* **Data provided**:
┄┄┄┄┄┄┄┄┄┄┄┄┄┄┄┄┄┄┄┄

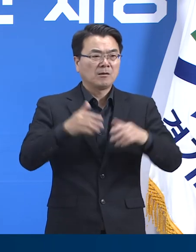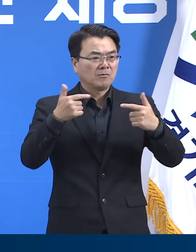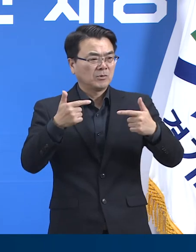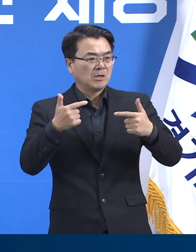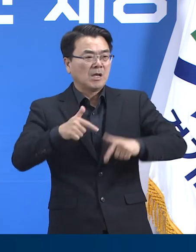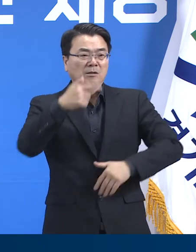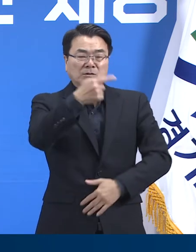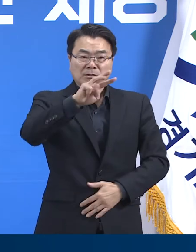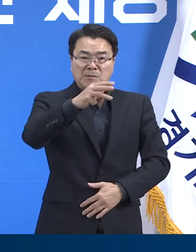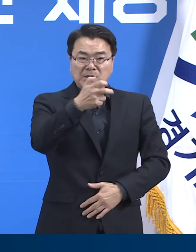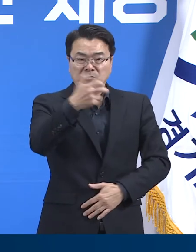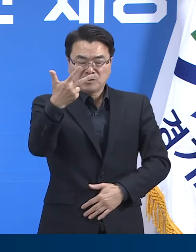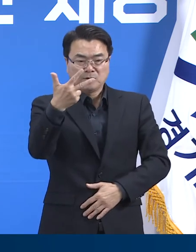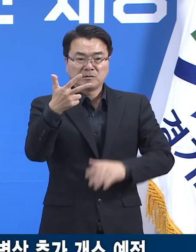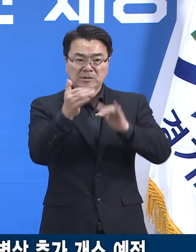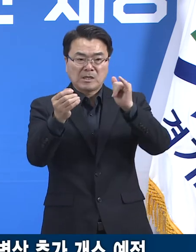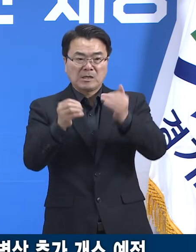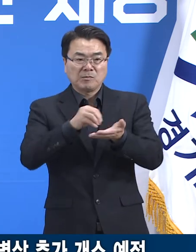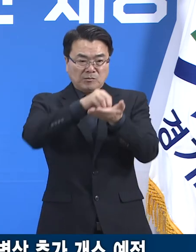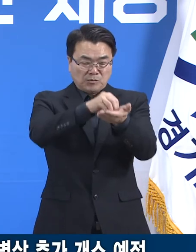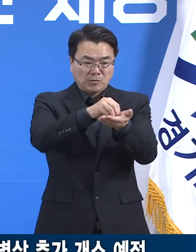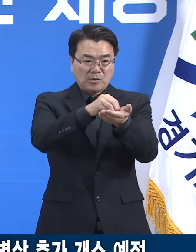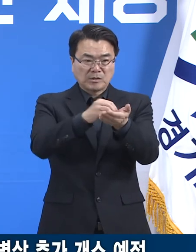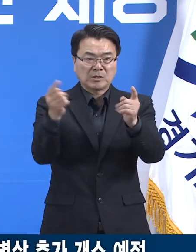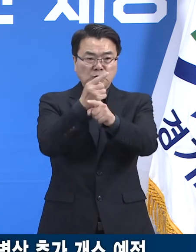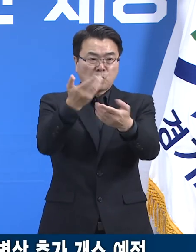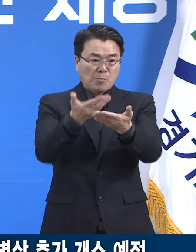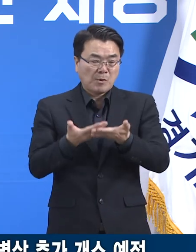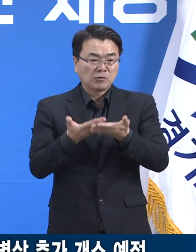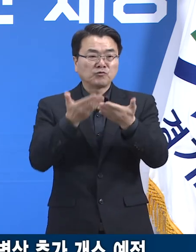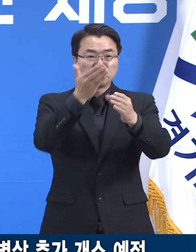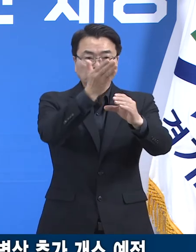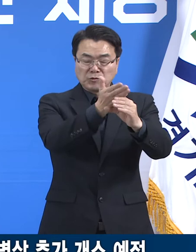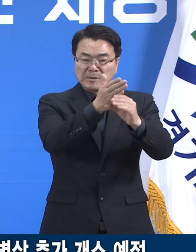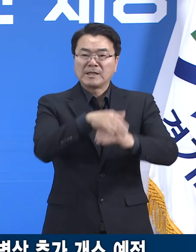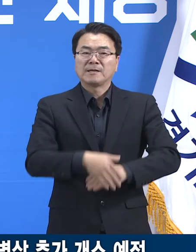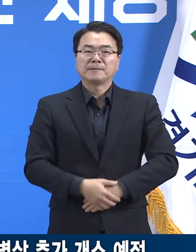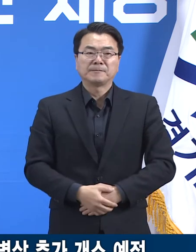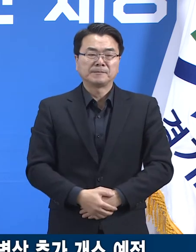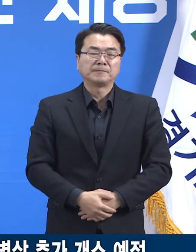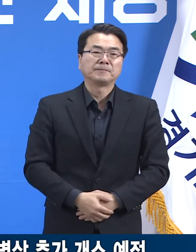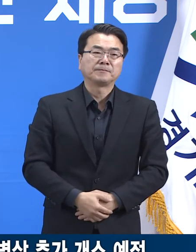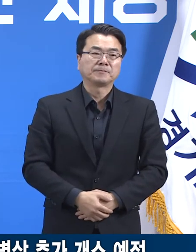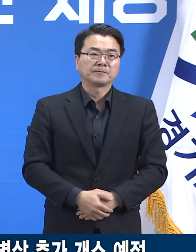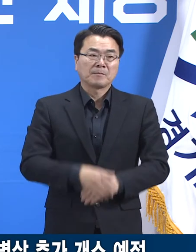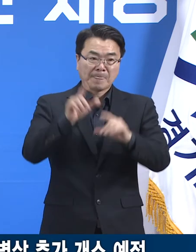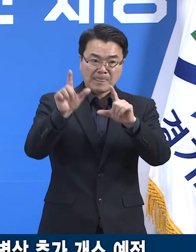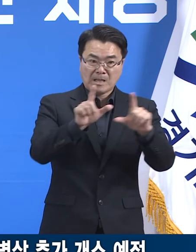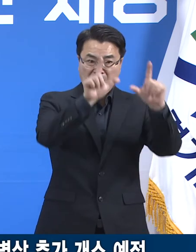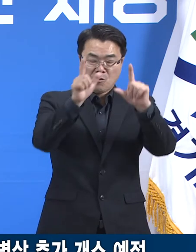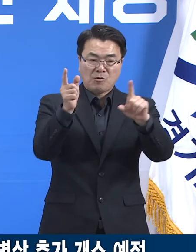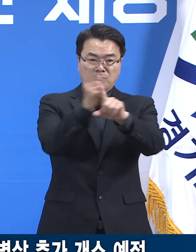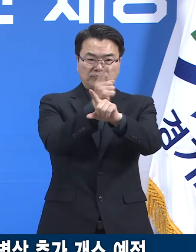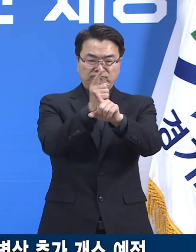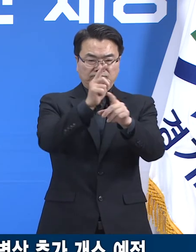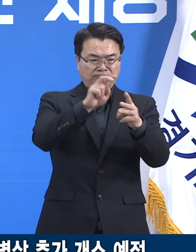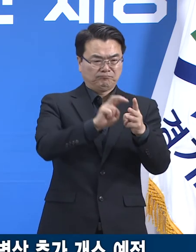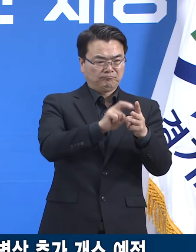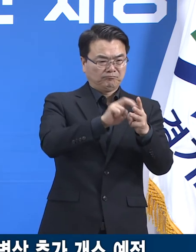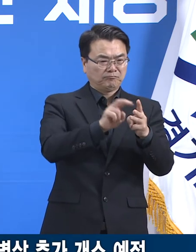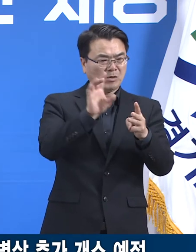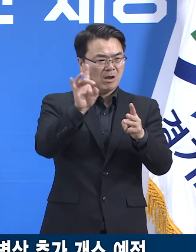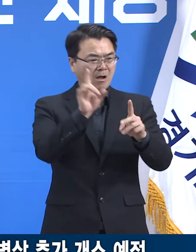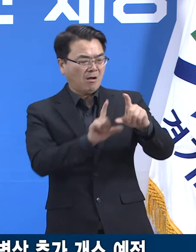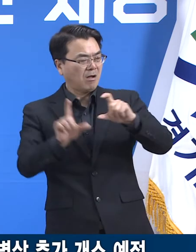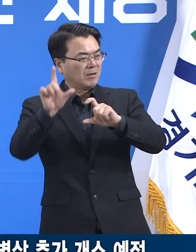입소해 있습니다. 경기도는 확진자 급증에 대응해서 생활치료센터 1개소 800병상을 내일
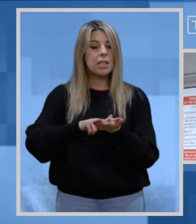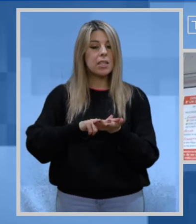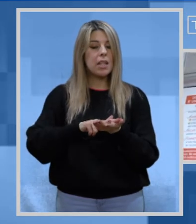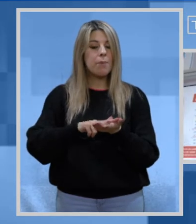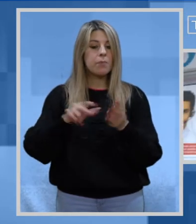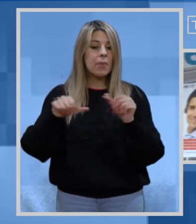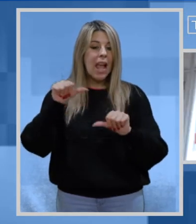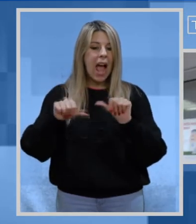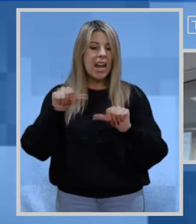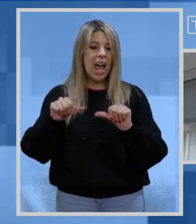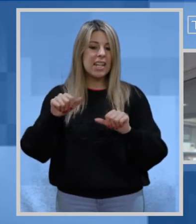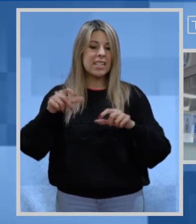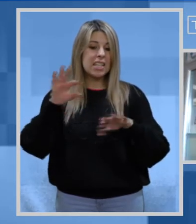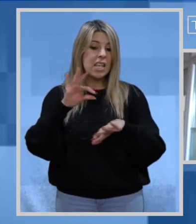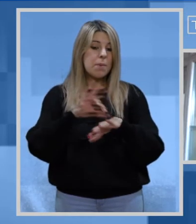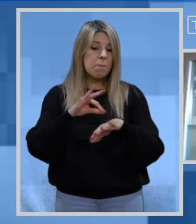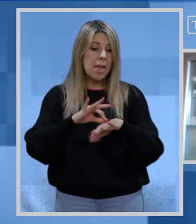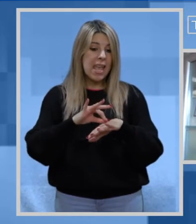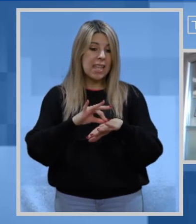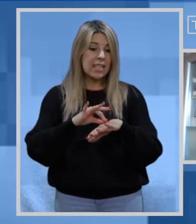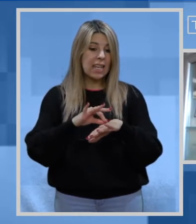analisi mediche in regime di esenzione
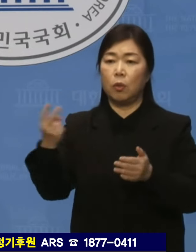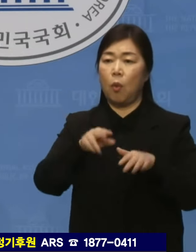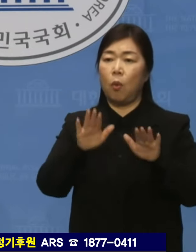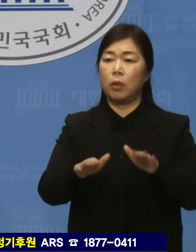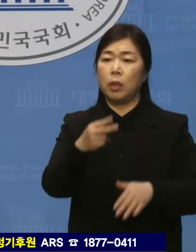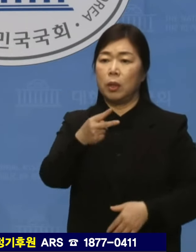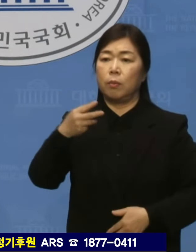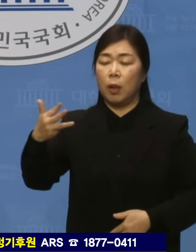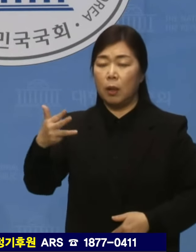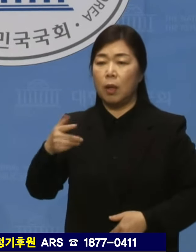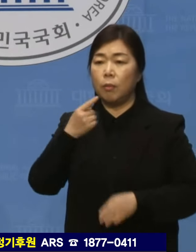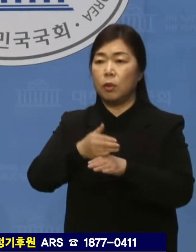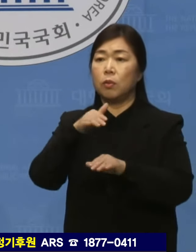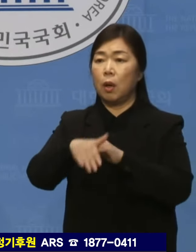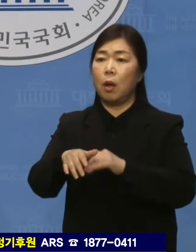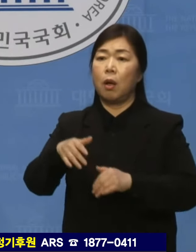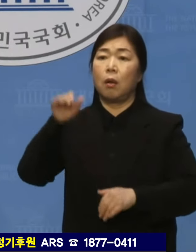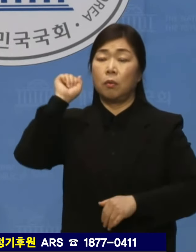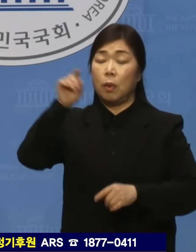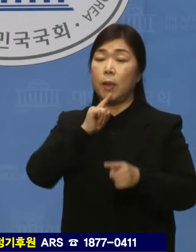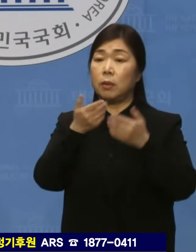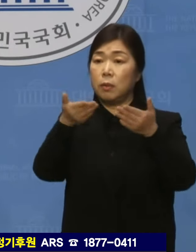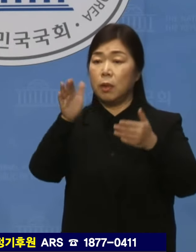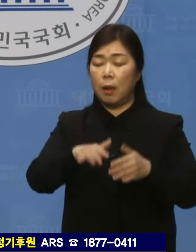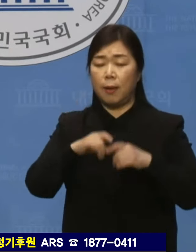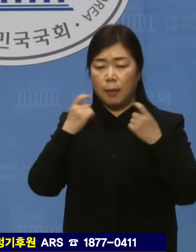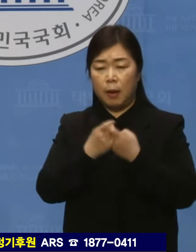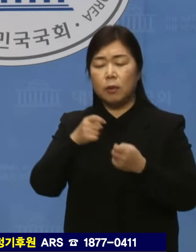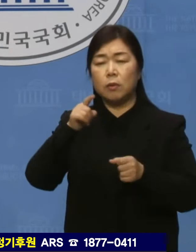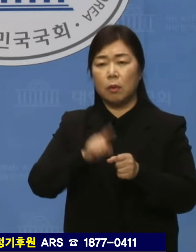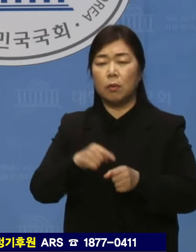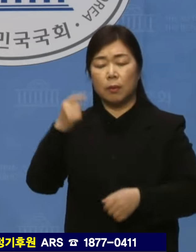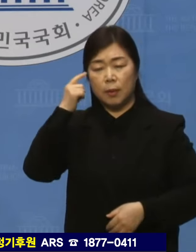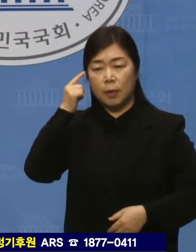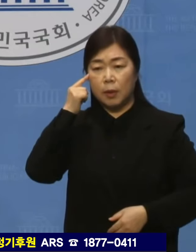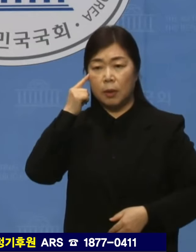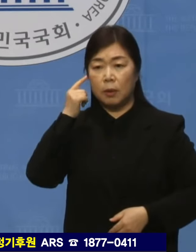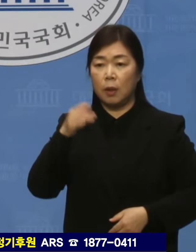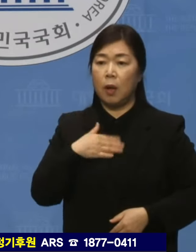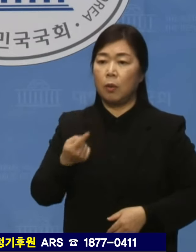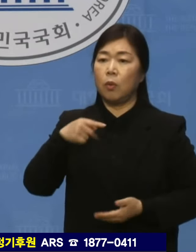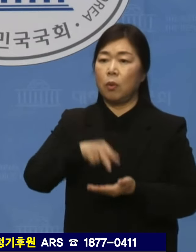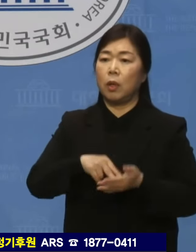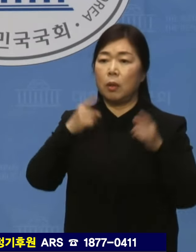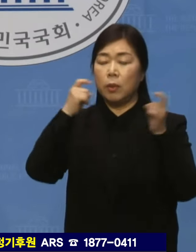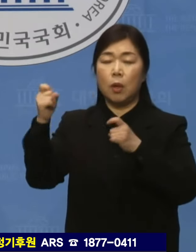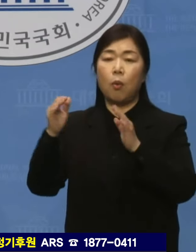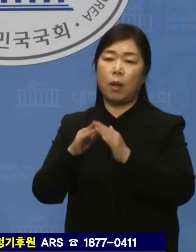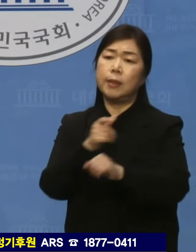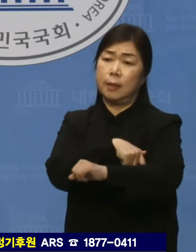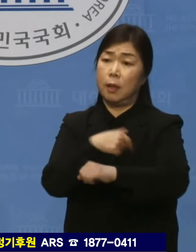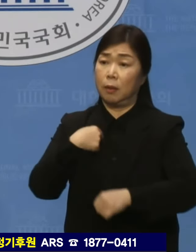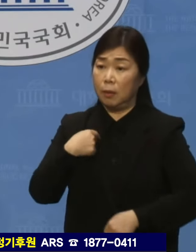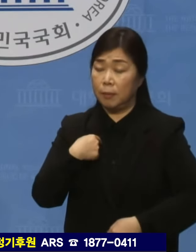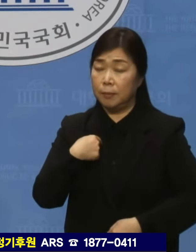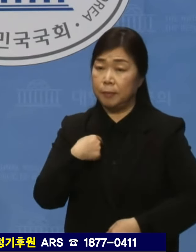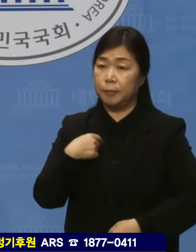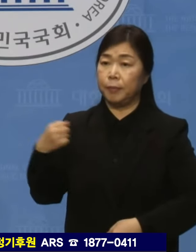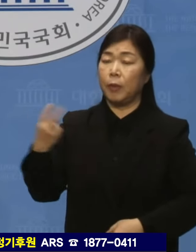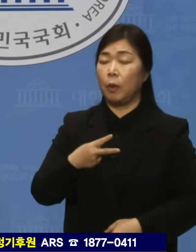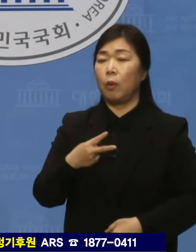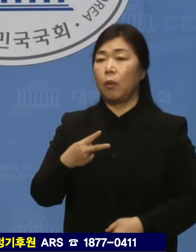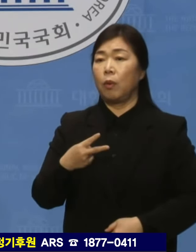민주운동 관련해서 브리핑을 했는데요. 개인적으로 제가 독립기념관 2.4입니다. 그리고

┄┄┄┄┄┄┄┄┄┄┄┄┄┄┄┄┄┄┄┄

* **Activity**: Copy out all the data exactly; skip the pictures.

* **Answer**:
입소해 있습니다. 경기도는 확진자 급증에 대응해서 생활치료센터 1개소 800병상을 내일
analisi mediche in regime di esenzione
민주운동 관련해서 브리핑을 했는데요. 개인적으로 제가 독립기념관 2.4입니다. 그리고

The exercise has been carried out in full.